When saving this data everything is exactly the same except for the collation.
So how about that "collation is used solely for sorting records"?
How someone can clarify this for me :-) Thanks in advance!
It appears that the charset of your connection is not set right, therefore the conversion from the programming language charset to the database is not correct.
You should set the charset in your connection, then both will workfine.
as pointed out in the comments a little explanation on how things work.
when you have not set the character set in your connections, the server assumes it to be the same as the collocation of the database. when data is recieved in a another encoding, the data is written nevertheless. just with wrong or other characters than they have been in the encoding of the data from the script.
as long as nothing changes, the script gets back the same data as it has written and everything appears to be fine.
however when either the connection encoding or the database encoding is changed at this point, the already stored data gets converted to the new encoding. the problem here is that the source data is not in the encoding that is assumend when converting.
all encodings share the ascii set with the same bits, thats why ascii charactes dont mess up. only special charaters do.
so you have to set your conneciton encoding in order to dont produce the mess that you are already in.
now what can you do about the data you already have?
you can make a dump of your database using mysqldump and use the --skip-set-charset option. then you get a plaintext file. in this plane text file replace all occurences of the actual database charset with the one the data is really in (the one you had in your script when you wrote the data).
then save the file and make sure your editor does not do any conversion (i recommend vim).
then import that file and you will get a database with data in the correct encoding. then you can change the encoding however you like and as long as your conneciton charset gets set also you will be fine from now on.
also make sure that the mysql server has the charsets installed, but it should have that already.
this is only my approach, i have cleaned up a lot of messed up installations like that. most of which at some point have garbled characters in their projects (after switching server, updating or restoring a backup...).
turns out not setting the connection charset is something that is very often forgotten.
I have a database filled with values like ♥•â—♥ Dhaka ♥•â—♥ (Which should be ♥•●♥ Dhaka ♥•●♥) as I didnt specify the collation while creating the database.
Now I want to Fix it.
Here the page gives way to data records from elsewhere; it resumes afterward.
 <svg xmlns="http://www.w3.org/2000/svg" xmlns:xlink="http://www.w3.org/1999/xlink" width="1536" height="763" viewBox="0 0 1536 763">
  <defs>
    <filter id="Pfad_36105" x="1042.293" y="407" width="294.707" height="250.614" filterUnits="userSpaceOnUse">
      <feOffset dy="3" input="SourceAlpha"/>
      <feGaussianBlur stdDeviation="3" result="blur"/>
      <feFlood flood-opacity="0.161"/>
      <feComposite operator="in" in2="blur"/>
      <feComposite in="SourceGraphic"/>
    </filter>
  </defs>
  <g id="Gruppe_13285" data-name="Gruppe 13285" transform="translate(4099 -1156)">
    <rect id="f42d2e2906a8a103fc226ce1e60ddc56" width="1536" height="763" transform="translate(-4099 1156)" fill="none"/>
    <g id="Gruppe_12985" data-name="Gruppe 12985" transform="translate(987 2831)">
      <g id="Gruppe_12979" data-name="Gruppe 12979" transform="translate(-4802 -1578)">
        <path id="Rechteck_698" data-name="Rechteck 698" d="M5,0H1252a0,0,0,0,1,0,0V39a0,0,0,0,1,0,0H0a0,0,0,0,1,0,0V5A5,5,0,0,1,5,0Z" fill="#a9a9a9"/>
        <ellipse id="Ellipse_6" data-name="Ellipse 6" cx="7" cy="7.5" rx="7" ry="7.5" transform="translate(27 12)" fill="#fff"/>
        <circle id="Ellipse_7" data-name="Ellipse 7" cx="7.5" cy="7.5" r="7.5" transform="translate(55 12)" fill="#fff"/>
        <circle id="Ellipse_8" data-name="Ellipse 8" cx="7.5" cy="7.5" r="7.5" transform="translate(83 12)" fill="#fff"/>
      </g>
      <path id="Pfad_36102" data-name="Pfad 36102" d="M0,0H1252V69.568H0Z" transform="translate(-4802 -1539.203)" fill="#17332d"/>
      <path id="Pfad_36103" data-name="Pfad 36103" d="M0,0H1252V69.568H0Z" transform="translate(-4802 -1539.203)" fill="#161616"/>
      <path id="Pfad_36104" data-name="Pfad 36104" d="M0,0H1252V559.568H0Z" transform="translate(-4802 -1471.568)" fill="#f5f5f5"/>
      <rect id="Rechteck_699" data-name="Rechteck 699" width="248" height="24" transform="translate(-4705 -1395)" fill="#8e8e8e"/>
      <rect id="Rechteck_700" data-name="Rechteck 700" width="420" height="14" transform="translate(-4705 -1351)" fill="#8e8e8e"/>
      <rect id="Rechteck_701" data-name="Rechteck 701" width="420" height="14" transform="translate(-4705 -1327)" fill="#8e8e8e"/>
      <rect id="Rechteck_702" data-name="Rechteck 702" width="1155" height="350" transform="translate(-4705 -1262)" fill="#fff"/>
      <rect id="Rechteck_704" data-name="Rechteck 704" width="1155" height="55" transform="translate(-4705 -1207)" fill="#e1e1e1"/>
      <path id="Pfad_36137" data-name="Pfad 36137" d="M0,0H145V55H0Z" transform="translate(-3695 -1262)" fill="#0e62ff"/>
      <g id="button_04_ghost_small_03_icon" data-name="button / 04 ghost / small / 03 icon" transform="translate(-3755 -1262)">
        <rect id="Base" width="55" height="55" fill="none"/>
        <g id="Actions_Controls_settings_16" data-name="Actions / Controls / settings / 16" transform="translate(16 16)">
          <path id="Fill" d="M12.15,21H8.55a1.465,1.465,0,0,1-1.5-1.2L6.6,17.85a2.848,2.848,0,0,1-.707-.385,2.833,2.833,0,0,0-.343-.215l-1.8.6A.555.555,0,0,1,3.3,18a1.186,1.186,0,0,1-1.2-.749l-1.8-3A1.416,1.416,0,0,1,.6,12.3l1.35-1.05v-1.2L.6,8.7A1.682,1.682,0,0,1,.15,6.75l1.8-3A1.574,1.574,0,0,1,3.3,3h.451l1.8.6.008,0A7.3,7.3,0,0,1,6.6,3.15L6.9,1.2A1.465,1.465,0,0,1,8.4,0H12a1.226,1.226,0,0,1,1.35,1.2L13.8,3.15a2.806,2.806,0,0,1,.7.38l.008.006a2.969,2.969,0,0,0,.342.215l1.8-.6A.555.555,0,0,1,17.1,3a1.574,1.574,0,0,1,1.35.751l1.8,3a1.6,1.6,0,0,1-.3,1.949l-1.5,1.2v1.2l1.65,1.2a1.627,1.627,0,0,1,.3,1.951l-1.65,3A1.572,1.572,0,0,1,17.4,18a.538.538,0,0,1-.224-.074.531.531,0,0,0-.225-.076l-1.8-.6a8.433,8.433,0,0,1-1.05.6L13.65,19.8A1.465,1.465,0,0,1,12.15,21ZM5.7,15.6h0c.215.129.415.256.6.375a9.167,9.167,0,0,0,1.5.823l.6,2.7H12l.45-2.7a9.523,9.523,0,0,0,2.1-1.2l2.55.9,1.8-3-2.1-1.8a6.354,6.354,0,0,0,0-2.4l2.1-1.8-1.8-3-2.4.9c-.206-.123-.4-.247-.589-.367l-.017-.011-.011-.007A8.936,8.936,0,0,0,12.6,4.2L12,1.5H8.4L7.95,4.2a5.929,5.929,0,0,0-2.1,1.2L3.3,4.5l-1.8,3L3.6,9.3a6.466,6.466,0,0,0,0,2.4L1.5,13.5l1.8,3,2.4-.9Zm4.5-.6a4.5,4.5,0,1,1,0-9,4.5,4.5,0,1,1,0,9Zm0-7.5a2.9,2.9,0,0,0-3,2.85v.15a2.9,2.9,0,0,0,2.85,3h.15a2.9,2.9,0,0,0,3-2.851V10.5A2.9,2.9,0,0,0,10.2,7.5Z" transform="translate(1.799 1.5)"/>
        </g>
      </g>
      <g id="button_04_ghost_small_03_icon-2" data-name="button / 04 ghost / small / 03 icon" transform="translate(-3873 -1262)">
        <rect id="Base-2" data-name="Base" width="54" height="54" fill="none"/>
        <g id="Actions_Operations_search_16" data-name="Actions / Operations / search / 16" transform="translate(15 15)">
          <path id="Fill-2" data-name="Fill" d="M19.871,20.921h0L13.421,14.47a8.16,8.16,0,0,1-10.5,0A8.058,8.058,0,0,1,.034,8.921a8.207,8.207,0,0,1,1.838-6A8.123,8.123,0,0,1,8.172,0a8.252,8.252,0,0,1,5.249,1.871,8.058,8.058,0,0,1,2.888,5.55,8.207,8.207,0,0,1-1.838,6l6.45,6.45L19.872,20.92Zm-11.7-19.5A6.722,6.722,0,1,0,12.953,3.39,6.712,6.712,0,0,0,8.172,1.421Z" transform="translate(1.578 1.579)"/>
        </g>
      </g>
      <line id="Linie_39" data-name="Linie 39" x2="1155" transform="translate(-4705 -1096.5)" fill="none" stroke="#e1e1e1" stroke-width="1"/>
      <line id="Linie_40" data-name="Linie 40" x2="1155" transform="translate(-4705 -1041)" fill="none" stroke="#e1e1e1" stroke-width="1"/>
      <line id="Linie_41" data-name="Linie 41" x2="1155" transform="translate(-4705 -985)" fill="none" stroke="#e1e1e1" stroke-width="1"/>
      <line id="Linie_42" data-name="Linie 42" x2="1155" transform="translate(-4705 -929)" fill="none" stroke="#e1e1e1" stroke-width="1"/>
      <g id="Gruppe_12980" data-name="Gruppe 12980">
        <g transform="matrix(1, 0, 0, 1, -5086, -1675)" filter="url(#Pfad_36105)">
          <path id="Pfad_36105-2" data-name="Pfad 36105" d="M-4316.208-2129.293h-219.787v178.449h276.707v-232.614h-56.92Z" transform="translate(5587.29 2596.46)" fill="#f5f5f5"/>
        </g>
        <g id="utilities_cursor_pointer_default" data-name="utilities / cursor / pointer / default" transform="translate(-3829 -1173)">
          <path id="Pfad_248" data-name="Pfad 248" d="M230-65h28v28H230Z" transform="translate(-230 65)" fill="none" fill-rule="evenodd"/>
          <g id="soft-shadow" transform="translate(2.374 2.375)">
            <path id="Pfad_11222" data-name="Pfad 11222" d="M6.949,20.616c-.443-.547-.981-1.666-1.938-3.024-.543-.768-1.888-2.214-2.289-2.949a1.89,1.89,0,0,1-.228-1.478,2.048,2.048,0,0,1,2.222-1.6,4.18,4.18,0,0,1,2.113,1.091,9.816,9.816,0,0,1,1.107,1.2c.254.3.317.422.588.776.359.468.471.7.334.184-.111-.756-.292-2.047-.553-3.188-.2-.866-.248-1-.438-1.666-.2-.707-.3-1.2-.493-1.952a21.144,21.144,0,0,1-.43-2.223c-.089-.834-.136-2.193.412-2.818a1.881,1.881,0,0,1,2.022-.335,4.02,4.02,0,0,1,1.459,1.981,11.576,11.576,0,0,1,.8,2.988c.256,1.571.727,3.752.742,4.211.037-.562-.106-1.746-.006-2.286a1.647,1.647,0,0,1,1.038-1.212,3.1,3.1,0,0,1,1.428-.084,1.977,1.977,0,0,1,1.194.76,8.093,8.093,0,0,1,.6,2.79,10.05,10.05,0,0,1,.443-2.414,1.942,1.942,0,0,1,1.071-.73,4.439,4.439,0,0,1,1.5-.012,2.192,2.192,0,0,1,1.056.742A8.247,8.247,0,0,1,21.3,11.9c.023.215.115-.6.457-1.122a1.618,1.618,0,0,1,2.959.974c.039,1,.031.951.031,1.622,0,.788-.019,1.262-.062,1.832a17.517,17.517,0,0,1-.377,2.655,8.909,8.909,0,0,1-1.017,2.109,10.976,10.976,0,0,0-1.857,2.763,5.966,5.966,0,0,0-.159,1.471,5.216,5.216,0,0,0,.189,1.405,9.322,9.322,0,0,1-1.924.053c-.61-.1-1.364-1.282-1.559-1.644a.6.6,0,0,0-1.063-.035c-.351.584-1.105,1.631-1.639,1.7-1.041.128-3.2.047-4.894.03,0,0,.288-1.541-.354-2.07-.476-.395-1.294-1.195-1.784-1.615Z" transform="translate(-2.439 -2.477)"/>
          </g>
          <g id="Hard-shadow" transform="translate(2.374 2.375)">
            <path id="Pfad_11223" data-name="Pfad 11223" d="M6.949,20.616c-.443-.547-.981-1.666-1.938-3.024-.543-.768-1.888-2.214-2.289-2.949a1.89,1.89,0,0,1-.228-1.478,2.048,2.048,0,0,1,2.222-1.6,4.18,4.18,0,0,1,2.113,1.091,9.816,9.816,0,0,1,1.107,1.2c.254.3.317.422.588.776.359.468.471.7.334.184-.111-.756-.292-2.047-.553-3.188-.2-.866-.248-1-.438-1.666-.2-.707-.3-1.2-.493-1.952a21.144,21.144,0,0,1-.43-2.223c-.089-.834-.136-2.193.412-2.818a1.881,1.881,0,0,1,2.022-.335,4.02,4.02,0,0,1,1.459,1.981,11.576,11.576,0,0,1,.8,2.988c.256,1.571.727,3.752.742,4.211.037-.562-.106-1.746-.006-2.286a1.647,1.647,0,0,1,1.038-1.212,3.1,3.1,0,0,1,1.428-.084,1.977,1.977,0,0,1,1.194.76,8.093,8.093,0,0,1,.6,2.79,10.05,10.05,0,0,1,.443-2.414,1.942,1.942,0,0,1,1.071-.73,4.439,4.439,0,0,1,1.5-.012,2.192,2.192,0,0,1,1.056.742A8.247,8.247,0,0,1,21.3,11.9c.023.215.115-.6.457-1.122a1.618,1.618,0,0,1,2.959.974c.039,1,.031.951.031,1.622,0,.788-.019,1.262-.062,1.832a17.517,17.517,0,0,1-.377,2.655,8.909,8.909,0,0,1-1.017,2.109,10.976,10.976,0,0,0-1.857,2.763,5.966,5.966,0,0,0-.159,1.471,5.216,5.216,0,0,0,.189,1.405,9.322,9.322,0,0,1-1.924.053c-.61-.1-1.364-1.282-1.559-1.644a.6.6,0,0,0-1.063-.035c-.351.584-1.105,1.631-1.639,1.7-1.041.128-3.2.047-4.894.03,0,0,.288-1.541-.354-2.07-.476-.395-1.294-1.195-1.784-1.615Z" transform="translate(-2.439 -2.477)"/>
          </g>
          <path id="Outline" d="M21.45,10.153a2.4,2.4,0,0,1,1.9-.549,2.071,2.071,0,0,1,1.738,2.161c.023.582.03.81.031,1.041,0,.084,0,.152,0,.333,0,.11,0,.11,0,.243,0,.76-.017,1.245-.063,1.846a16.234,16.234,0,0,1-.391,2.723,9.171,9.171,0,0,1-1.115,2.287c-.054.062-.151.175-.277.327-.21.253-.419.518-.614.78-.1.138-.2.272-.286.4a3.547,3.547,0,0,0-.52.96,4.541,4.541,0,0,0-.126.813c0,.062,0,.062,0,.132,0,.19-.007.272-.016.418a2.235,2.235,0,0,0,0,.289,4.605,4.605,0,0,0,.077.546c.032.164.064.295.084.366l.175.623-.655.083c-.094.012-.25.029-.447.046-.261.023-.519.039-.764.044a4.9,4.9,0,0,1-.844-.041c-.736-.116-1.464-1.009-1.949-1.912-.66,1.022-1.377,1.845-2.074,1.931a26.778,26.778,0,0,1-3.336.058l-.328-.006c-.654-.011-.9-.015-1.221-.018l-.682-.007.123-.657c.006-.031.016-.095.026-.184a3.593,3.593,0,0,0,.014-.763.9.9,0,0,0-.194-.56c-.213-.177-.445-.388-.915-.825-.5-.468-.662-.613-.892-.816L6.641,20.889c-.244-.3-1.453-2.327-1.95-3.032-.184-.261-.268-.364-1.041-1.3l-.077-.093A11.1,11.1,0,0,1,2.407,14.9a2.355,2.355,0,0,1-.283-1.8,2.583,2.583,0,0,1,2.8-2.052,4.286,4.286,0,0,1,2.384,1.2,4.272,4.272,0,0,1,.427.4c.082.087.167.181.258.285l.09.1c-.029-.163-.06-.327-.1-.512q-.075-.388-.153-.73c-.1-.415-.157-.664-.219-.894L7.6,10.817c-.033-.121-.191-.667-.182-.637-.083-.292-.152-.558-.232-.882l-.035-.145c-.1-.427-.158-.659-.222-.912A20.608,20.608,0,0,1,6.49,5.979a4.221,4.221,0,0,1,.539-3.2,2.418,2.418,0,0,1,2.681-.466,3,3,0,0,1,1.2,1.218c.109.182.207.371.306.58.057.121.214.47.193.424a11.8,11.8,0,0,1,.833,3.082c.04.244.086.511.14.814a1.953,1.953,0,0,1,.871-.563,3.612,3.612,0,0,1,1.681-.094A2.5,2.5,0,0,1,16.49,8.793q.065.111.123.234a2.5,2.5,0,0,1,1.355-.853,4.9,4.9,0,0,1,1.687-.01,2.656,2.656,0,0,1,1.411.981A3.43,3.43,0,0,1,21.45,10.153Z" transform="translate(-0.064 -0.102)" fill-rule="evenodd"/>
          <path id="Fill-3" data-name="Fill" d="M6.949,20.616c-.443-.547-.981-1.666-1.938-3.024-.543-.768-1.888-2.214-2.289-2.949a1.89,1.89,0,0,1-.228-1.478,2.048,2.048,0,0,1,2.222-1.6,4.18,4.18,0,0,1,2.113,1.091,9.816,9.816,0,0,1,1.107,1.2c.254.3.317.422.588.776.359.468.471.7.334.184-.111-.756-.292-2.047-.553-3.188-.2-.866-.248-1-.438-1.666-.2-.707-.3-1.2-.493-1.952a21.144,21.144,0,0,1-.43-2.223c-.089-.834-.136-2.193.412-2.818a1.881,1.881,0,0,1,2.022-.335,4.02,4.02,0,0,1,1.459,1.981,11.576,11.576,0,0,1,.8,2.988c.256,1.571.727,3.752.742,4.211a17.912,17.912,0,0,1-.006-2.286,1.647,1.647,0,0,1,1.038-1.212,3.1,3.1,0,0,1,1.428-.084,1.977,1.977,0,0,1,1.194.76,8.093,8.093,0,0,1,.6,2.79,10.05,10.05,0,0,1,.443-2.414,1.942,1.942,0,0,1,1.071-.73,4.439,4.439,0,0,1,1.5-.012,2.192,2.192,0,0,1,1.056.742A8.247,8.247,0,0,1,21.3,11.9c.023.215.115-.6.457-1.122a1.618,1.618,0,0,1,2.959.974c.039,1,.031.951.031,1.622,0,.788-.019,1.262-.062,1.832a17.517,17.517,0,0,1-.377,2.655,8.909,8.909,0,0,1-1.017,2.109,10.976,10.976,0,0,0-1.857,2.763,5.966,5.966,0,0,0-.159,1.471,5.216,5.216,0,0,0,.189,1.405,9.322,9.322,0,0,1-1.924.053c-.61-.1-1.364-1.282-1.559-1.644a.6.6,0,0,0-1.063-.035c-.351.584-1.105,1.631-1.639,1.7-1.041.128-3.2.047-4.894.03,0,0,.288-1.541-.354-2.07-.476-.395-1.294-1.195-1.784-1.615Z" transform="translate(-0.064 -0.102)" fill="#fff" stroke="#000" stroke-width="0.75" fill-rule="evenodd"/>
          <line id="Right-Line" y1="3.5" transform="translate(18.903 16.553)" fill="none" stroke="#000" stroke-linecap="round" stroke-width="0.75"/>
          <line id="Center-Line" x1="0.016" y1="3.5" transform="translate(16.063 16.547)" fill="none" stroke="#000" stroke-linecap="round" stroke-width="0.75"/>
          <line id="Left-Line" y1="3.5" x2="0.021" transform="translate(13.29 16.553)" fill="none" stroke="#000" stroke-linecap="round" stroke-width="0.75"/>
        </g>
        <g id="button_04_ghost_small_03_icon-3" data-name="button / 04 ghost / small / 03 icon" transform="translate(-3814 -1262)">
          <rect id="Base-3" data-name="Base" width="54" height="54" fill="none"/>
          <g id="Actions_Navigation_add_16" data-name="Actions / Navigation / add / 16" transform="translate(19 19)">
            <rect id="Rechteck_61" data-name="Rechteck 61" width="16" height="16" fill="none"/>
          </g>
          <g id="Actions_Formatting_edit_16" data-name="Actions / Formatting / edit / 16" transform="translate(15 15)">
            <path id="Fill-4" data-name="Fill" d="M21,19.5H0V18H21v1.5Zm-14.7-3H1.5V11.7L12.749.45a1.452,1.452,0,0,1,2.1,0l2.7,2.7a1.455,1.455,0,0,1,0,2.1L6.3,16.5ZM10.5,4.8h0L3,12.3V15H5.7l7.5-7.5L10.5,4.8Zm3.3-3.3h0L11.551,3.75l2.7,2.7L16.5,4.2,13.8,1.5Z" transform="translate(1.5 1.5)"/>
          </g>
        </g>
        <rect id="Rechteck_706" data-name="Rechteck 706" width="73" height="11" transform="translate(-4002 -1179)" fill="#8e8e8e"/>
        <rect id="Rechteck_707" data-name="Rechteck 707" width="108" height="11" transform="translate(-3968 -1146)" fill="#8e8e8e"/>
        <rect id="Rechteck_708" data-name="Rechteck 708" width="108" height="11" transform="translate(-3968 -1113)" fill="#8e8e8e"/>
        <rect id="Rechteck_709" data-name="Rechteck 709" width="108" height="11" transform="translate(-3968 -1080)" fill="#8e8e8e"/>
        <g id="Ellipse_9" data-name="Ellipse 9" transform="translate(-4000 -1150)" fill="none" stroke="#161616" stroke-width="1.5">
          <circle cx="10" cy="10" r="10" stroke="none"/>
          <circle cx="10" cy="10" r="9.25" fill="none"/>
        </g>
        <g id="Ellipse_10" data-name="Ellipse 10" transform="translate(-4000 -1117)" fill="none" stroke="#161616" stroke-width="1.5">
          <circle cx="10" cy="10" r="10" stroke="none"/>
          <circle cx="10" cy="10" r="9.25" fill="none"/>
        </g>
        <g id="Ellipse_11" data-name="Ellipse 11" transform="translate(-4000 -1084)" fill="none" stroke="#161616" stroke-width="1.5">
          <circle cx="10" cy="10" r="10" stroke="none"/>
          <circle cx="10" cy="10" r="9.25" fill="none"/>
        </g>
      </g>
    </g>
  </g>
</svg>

I cannot fetch the data again from where I got it from at the first place. So I was thinking if it might be possible to fetch the data in a php script and convert it to the correct characters.
I've changed the collation of the database and the fields to utf8_general_ci..
The collation is NOT the same as the character set. The collation is only used for sorting and comparison of text (that's why there's a language term in there). The actual character set may be different.
The most common failure is not in the database but rather in the connection between PHP and MySQL. The default charset for the connection is usually ISO-8859-1. You need to change that the first thing you do after connecting, using either the SQL query SET NAMES 'utf-8'; or the mysql_set_charset function.
Also check the character set of your tables. This may be wrong as well if you have not specified UTF-8 to begin with (again: this is not the same as the collation). But make sure to take a backup before changing anything here. MySQL will try to convert the charset from the previous one, so you may need to reload the data from backup if you have actually saved UTF-8 data in ISO-8859-1 tables.
I would look into mb_detect_encoding() and mb_convert_encoding() and see if they can help you.